Well, I'm halfway through the semester and halfway through my massage school career, so wahoo!

I fear I am also halfway back to gaining back all the weight I've lost since last November, boohoo!

Eating has been for shinola, and exercise....what the hell is that?

I need a bunch more practice hours; thankfully my sometimes-saturdays class is off again (after tomorrow) until December, although I need to write a paper (?!?! I haven't done that since college!)...at least I can schedule some practice in. My business class is done, so that's at least a few hours a week less reading/writing/creating business schtuff.
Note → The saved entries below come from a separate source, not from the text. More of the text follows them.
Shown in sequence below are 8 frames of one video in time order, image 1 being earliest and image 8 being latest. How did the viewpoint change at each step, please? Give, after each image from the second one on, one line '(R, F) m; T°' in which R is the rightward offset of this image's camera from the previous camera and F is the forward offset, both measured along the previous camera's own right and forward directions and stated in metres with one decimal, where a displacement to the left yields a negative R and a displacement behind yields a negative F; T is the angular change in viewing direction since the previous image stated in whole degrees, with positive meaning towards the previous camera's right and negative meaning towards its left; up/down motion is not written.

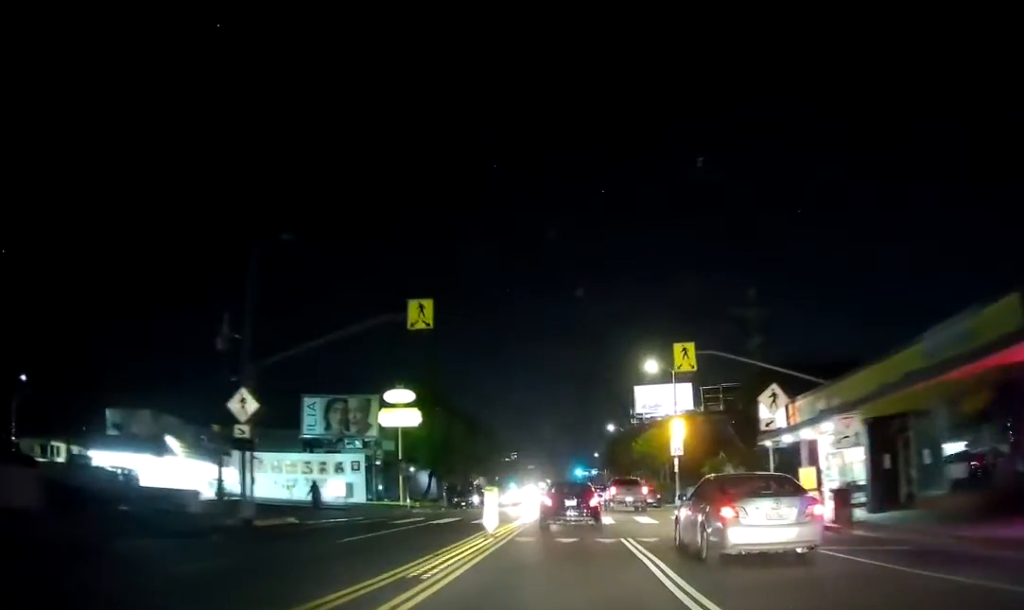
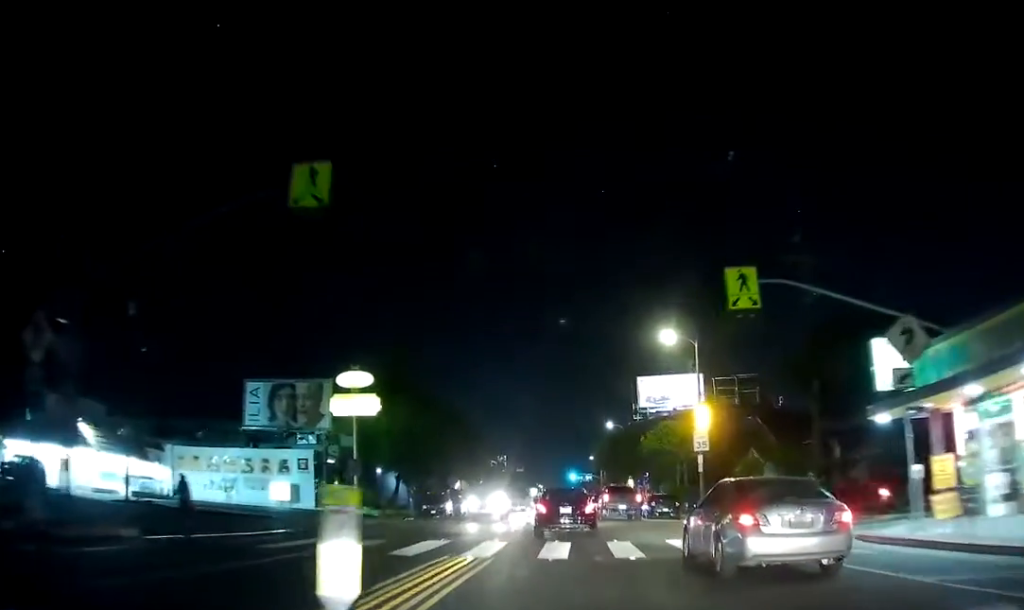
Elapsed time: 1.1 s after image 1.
(+0.2, +11.7) m; +2°
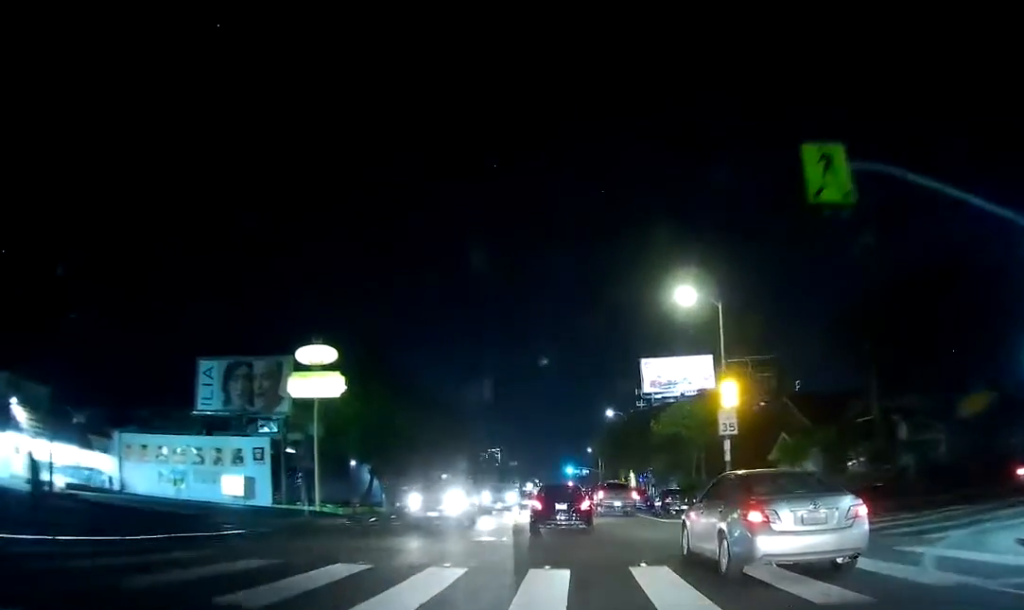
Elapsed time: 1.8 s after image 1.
(+0.2, +7.8) m; +1°
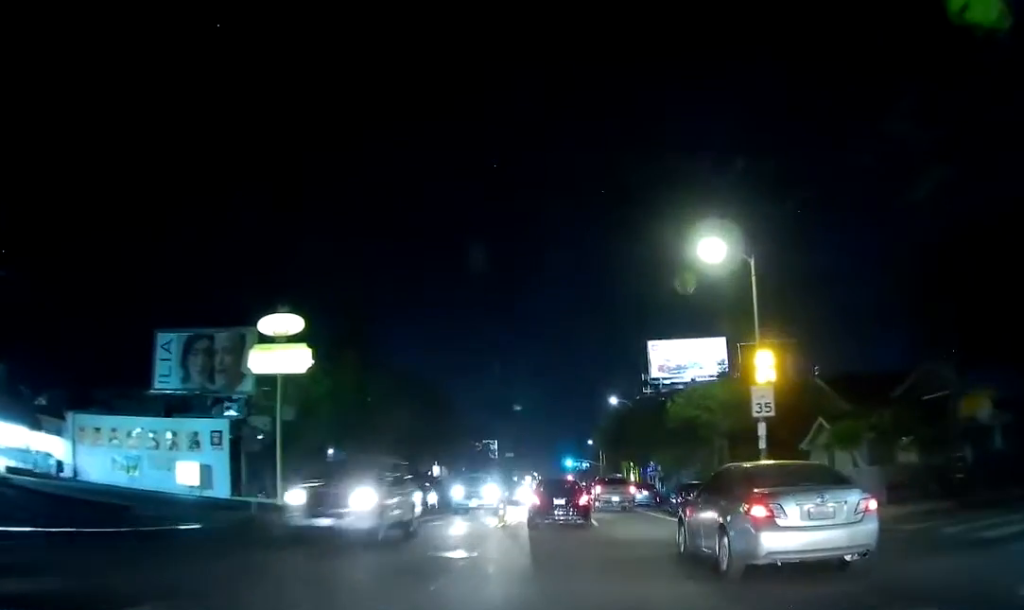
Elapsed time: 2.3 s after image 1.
(0.0, +5.9) m; 0°
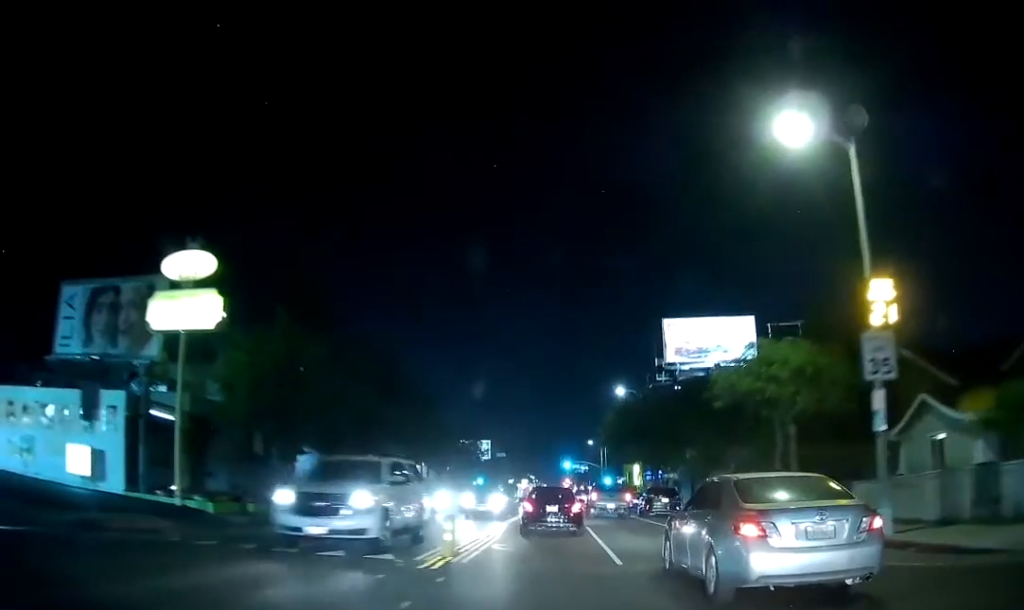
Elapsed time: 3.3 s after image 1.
(0.0, +11.0) m; 0°
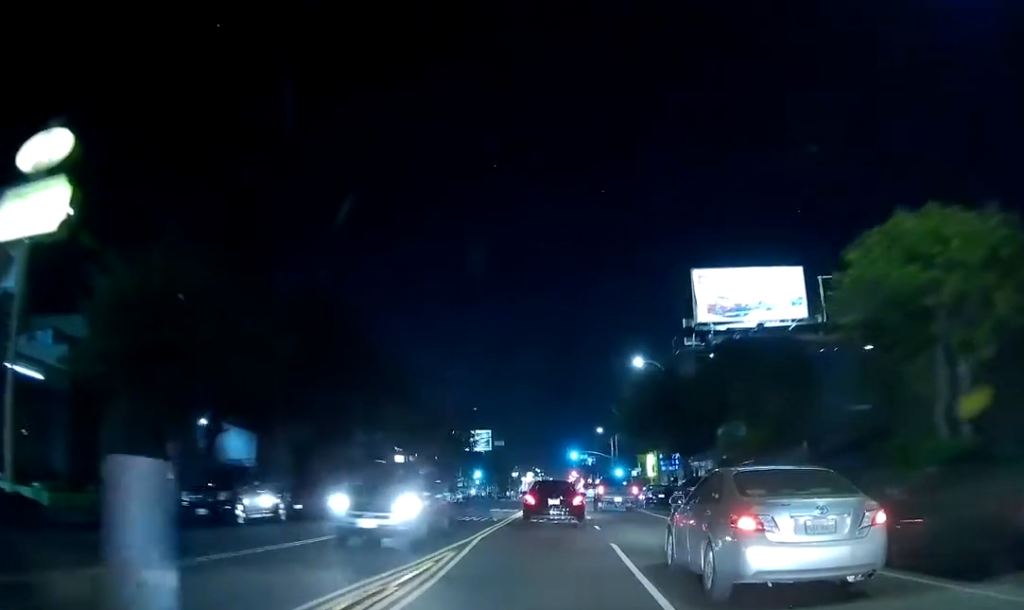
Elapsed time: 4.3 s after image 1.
(0.0, +11.3) m; 0°
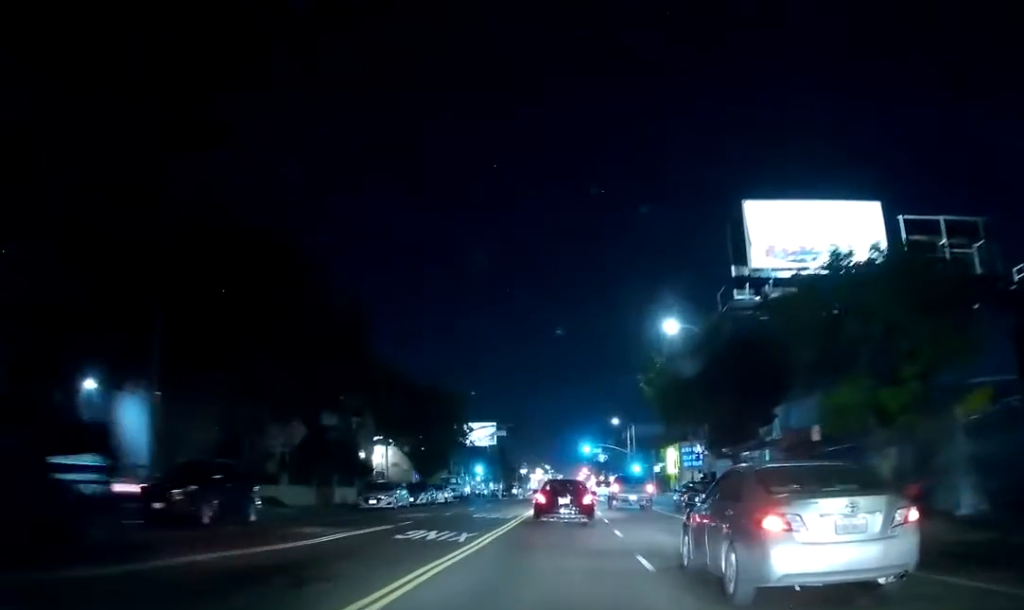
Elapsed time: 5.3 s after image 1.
(0.0, +11.0) m; -3°
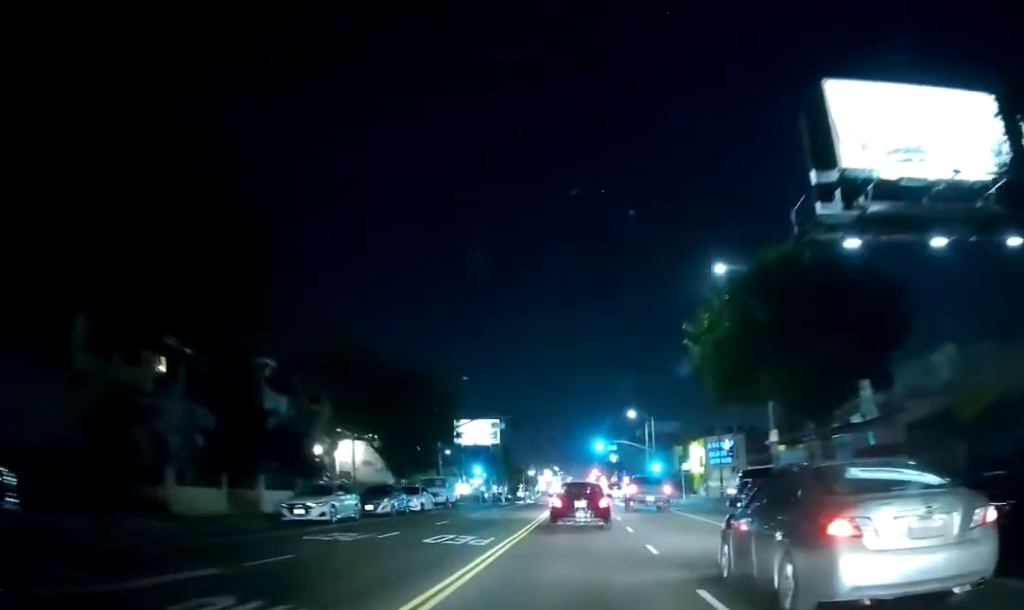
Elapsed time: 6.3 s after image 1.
(-0.6, +11.3) m; 0°

I wish I were one of those people who lost their appetite when they are stressed. Even when I've had the option of semi-healthy choices (salad bar at our work cafe), I've been chosing french fries and comfort food. I don't suppose it helps that we're packing up our office to move several hundred feet down the street, and I have to go to a convention so be packed up fully by next Wednesday, UGH!

Oh, and do my normal work.

I can't wait for the holidays.

Wednesday, October 18, 2006

Signs that my life is insane

Packing up my son's snacks/lunch for the day in the parking lot of the school after an early-morning trip to the local health food chain to buy allergy-friendly foods because he had run out. We even remembered to bring baggies from home!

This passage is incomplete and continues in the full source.